You wouldn’t want bits of monkey smeared across the inside of the box would you?

There’d be icky aerosols :frowning:

I think I’ll offer some sympathy to Jadis here.

The store manager is obviously an idiot. When I was in retail, our lunches were before noon or after two. The lunch rush is when you can make some serious money. People come in, grab something, and throw cash at you. I used to shop at a store that closed the express lines when the cashier needed a break. The manager could not grasp the concept of replacement tills and replacement cashiers. It only took twice (one time too many) for me to decide that waiting behind two or three someones doing their full grocery shopping while my cottage cheese melted in my hand meant I should find a different store.
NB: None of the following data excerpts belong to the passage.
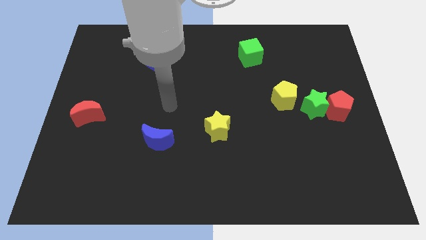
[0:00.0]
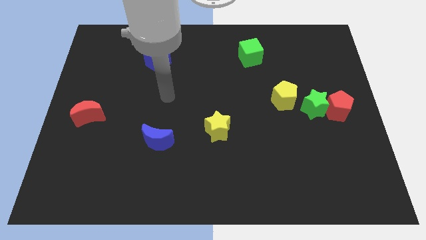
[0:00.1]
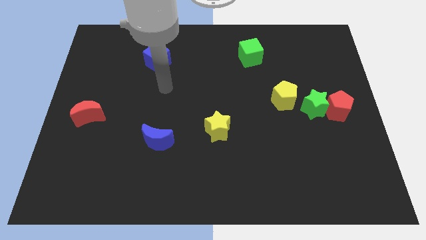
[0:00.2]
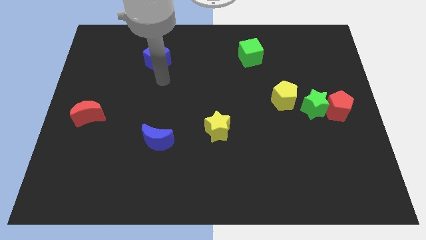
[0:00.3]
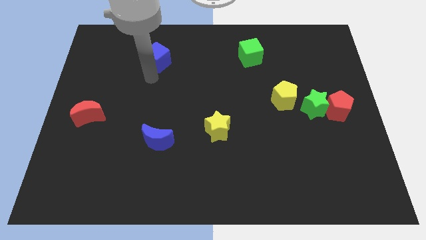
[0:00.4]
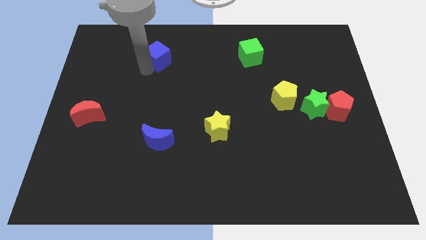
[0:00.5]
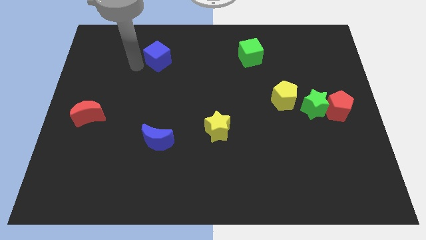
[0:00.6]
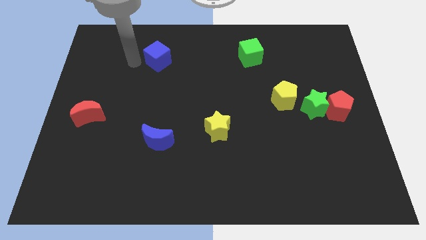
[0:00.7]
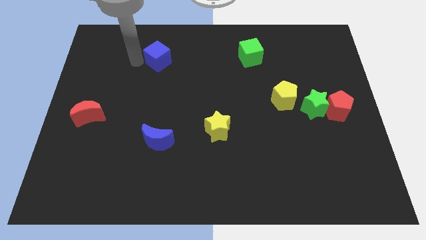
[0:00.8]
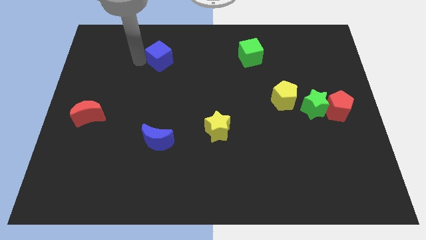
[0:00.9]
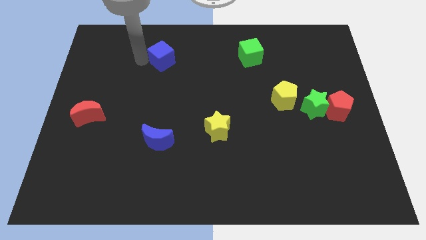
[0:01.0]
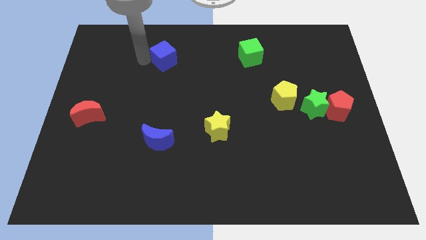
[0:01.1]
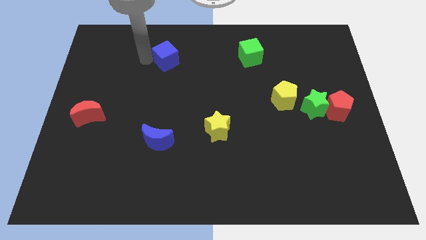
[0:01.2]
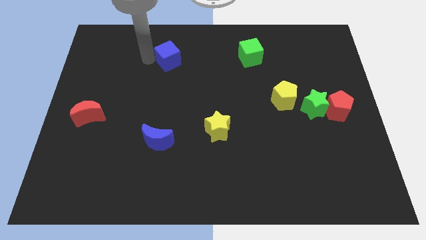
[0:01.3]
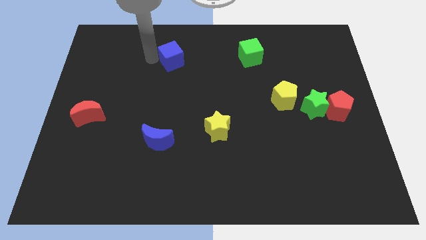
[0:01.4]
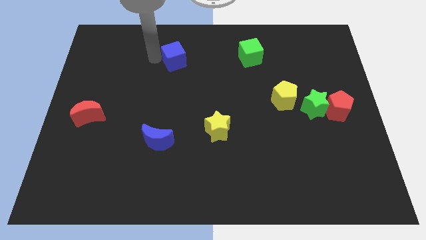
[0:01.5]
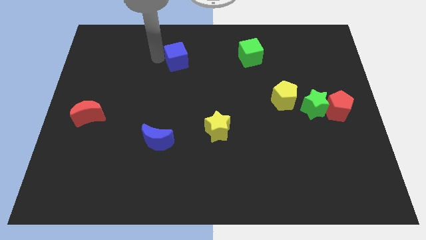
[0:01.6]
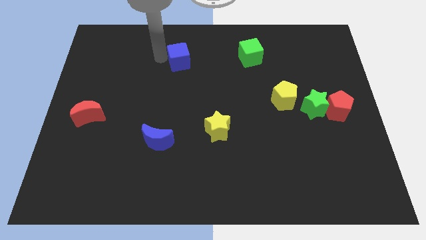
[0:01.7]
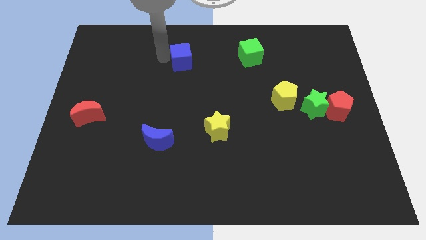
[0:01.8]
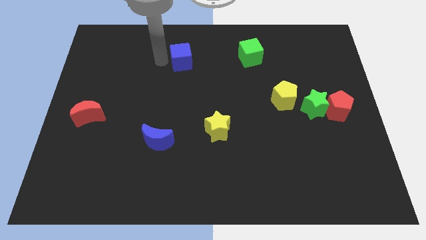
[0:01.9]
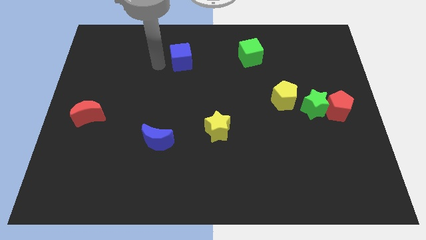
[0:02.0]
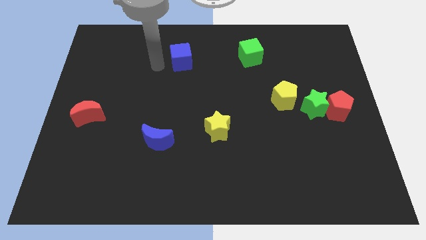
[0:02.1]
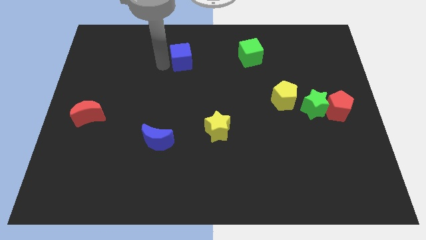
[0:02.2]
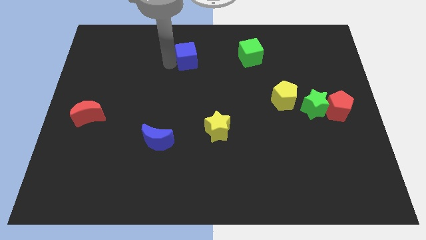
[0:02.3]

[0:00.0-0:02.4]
slightly move the blue cube to the right

People in line to pay for purchases should be prepared to pay. The only time I’ll not get bent out of shape about this is when the person is

  1. elderly (that will be me someday)
  2. surrounded by small children (that will never be me)
  3. the person who’s name in this position causes grief to some

But! the person waving you on: were you blocking his/her path to turn? Often someone turning left will have already veered left in the driveway, and makes it difficult for someone to enter.
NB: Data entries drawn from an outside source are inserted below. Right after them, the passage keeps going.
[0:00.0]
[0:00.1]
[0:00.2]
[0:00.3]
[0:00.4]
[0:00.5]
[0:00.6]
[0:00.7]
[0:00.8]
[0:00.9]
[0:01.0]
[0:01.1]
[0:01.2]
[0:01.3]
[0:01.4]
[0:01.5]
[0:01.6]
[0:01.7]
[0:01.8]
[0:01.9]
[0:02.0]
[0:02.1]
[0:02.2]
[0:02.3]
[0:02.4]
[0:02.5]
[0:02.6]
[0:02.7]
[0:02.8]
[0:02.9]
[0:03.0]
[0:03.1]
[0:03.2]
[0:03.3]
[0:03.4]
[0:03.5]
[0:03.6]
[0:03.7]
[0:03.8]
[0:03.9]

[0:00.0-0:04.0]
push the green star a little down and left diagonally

At any rate, I certainly understand how all these things that one at a time are petty, can add up when they all happen sequentially. Better luck next time.

I work in a grocery store, and the manager at the one Jadis describes is obviously none too bright. During peak hours you make sure that there is enough staff on - and it sucks just as much for the cashiers as it does for the customers, to have impossibly horrid long lines. In our store, the manager has trained other departments (such as the florists and the produce guys and such) to cash. I’ve seen the manager cashing, too. In a pinch, we can call them up and get all the registers open.
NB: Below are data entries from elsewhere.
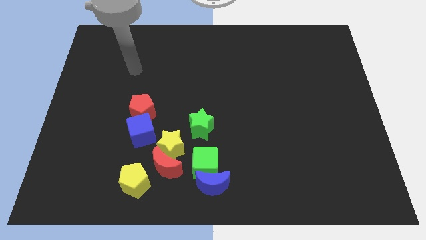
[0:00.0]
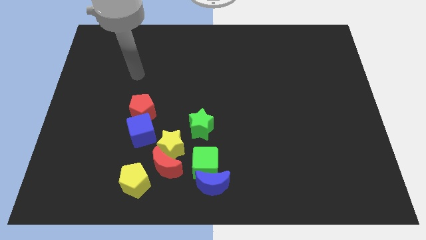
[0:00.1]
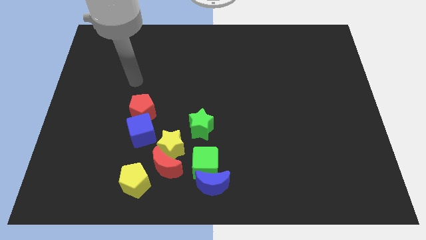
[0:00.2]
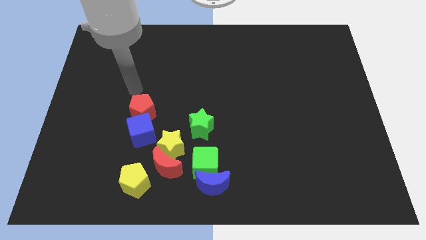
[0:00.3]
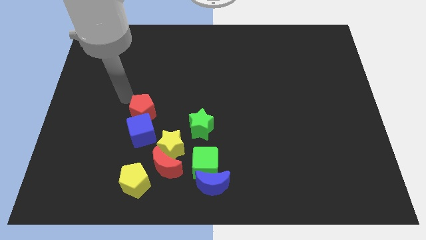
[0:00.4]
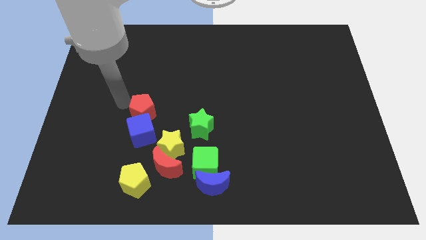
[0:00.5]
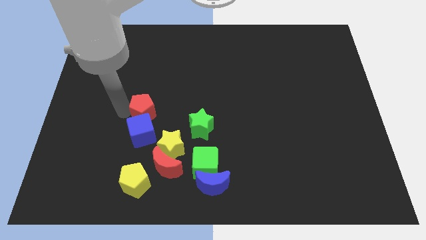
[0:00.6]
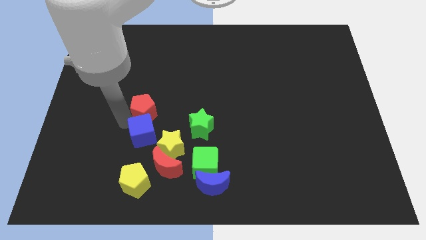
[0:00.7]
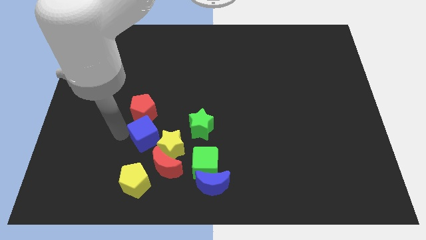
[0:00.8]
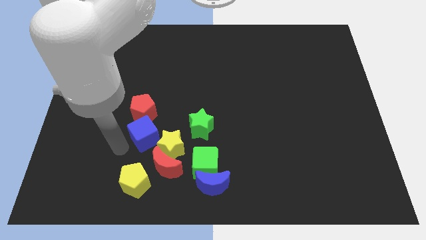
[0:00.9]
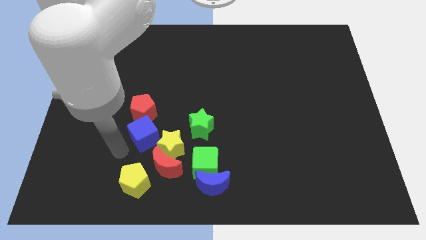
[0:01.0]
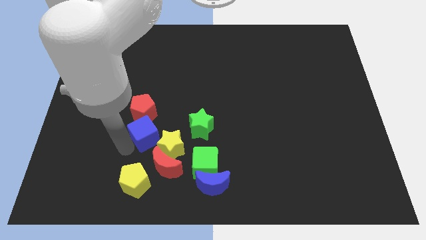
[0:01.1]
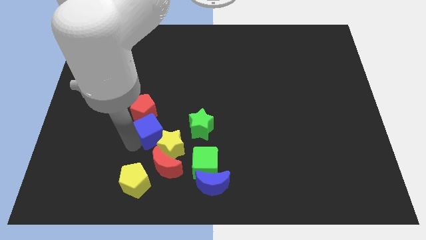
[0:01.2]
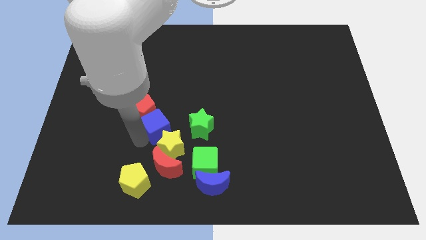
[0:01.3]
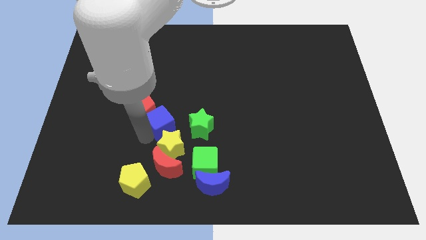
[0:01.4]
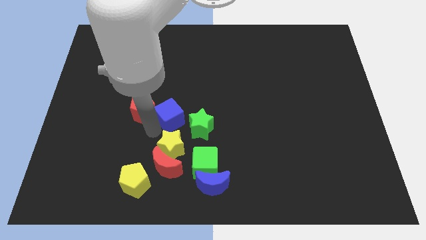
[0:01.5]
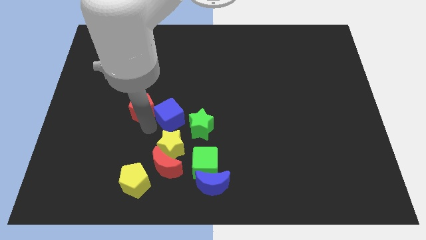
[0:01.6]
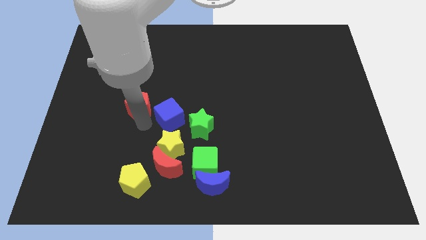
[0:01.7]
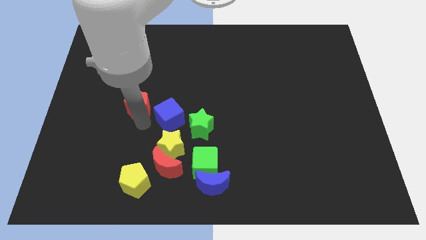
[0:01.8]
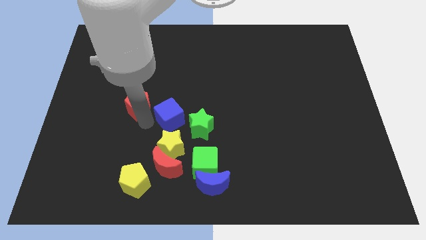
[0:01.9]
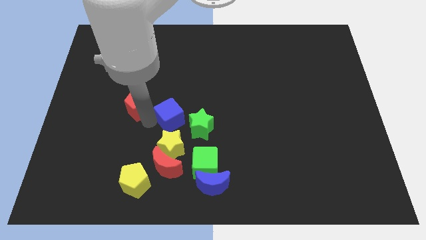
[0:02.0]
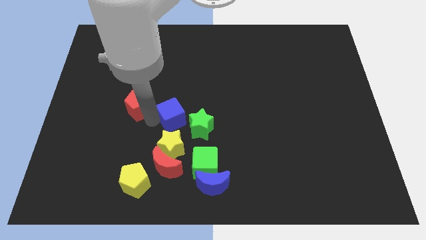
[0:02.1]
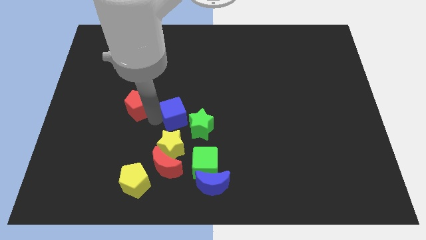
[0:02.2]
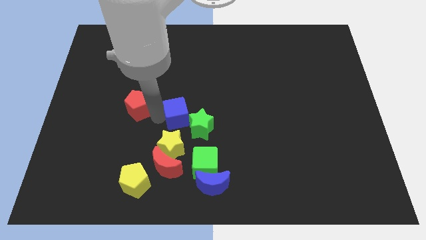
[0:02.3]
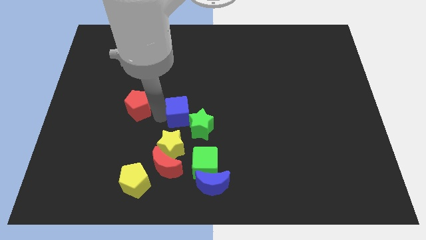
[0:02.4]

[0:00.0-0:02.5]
slightly push the blue cube right

About the people not being ready to pay: don’t bitch at me about the long frigging lines, and then hunt around in your purse for 5 minutes to find a penny. A couple days ago, the store was SWAMPED and a lady paid for her $30 order in unrolled change. She was very elderly and not all there, so what can you say to her? YARRGH!!

I’d like to see a fight between my manager and a rabid monkey. I would cheer for the monkey.

I agree, the store manager isn’t too bright. And, as ** Alexxandra** knows, a good store manager always cross trains people in other departments so there’s enough cashiers when you need 'em.

However, there also could be something more here. I don’t know about other supermarket chains in the country, but Former Employer and its competitors here always cut payroll as tight as possible during the summer months. It doesn’t matter if it’s an urban or suburban store. The powers that be, for some idiotic reason, always figure that summer is the slowest time, so why schedule a lot of people when the store isn’t busy?

I was one of those employees who was always cross-trained, no matter the store. Suffice to say that being called up front to ring right in the middle of doing something more than irked me to no end…

stops here lest she goes off onto her own rant…

There’s always the possibility that a store might be understaffed because more than one person called off. I’ve been in that situation a time or two. Nothing like walking in and having the manager say, “It’s just you and whosis; I’ll try to help out!”

Considering that I generally have three babies in the backseat and a tire iron in the trunk, I can see people having some expensive, traumatic REAL injuries after pulling a stunt like that.